Pet Care and Self Care

Pet care and self-care are linked. When you take a dog out for a walk, people talk to you and that may be the only social contact an isolated person has for the entire day. If you have a cat, you can have a conversation standing in the cat food aisle in the supermarket, deciding which brand to buy. When pet owners leave the house to buy pet food, they’re more likely to buy food for themselves and when they feed their pet, they’ll sit down to eat too. People with disabilities often find that able-bodied people are socially awkward with them; if they have a dog it breaks down barriers and allows a more comfortable and natural interaction.
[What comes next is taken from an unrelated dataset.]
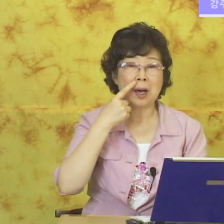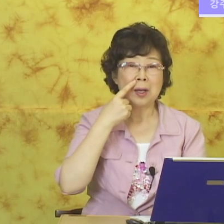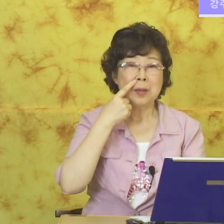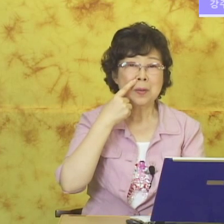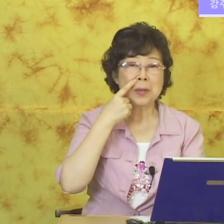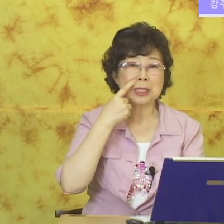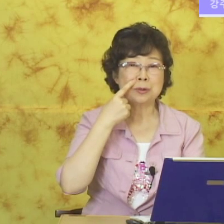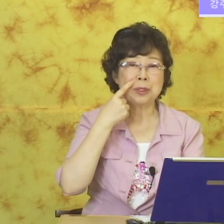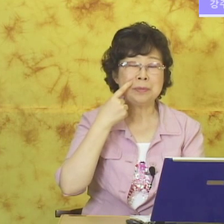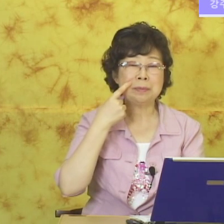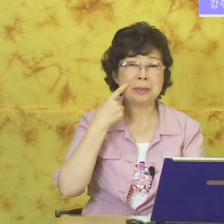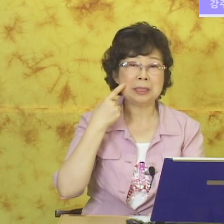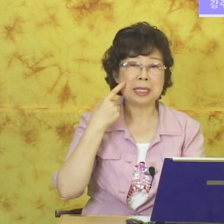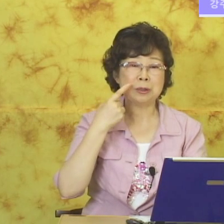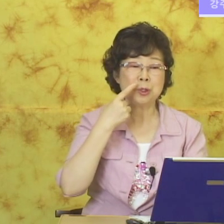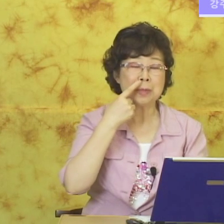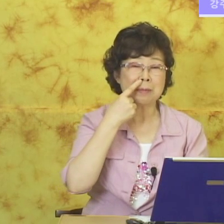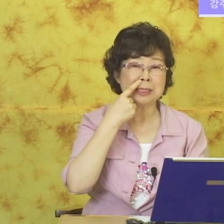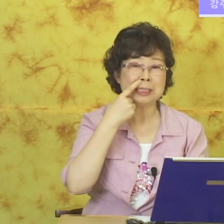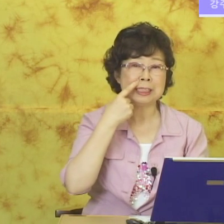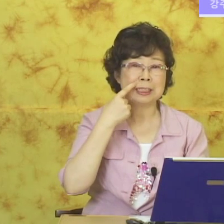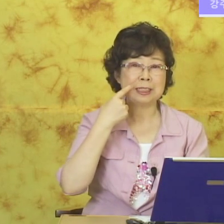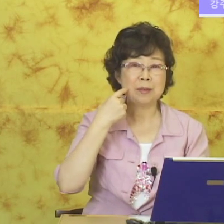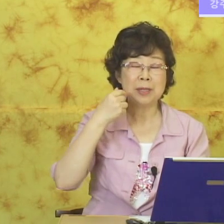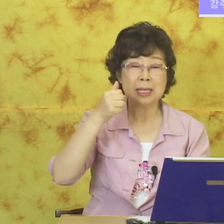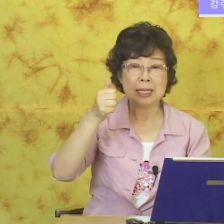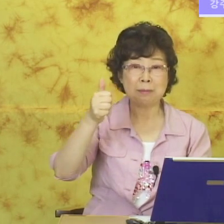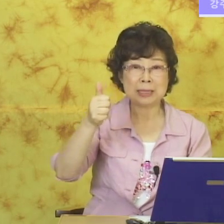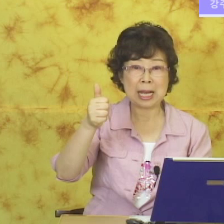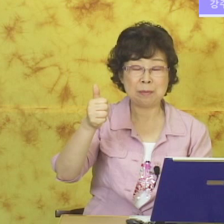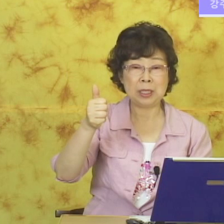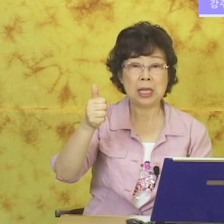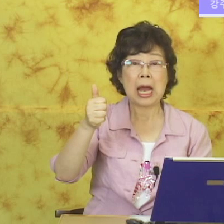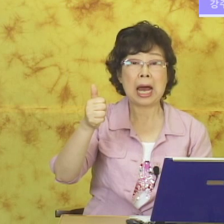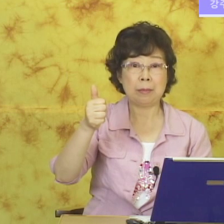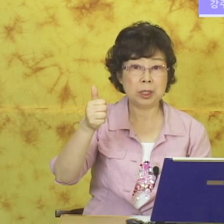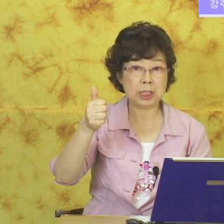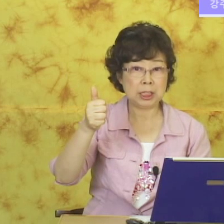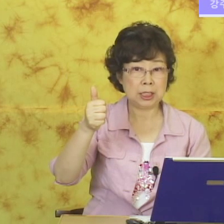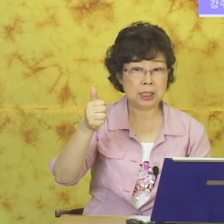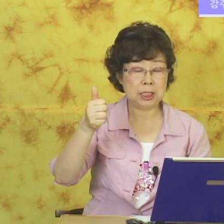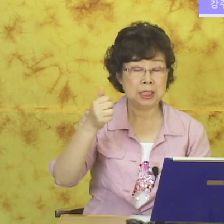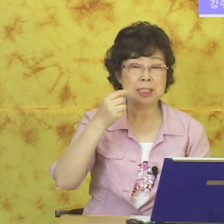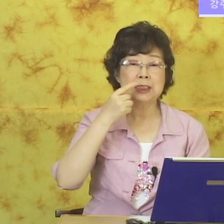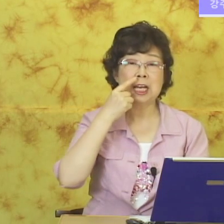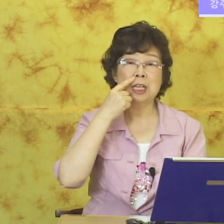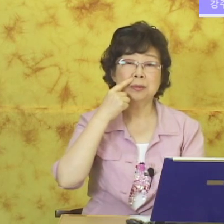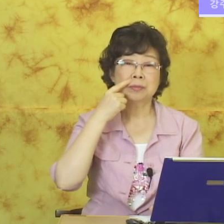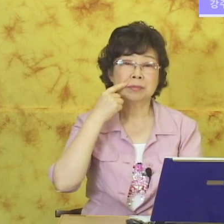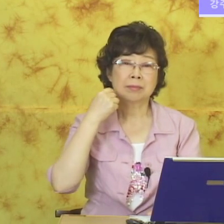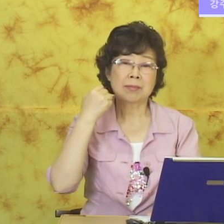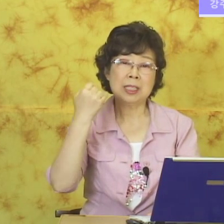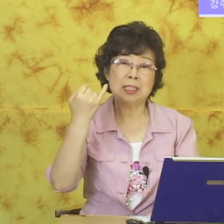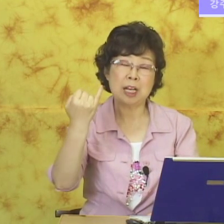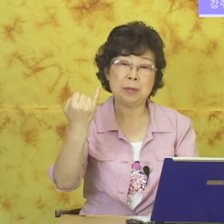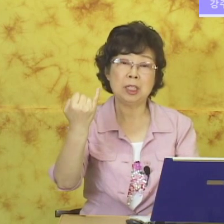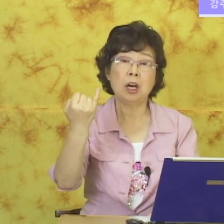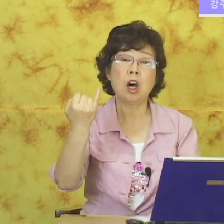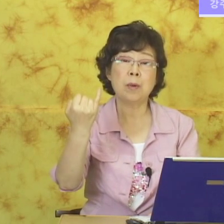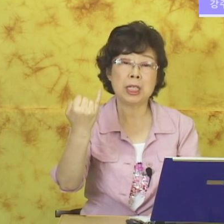코에 수염 옆을. 예. 수염을 한번 스치는 것처럼 남자 하면 아버지. 자. 이렇게 하면 어머

Practicing self-care produces happy hormones in your brain which will uplift your mood, sharpen focus and increase your motivation for the next 24 hours. With just these 2 pieces of information it is not hard to imagine how much stronger the benefits of our self care routine could be if we were to combine it with time with our dog(s), as animals have an inbuilt drive to practice self-care on a daily basis and they are willing to share their knowledge and energy with us. When we bring our pets into our self care routine it will provide us with the opportunity to learn from them and create strong bonds with them.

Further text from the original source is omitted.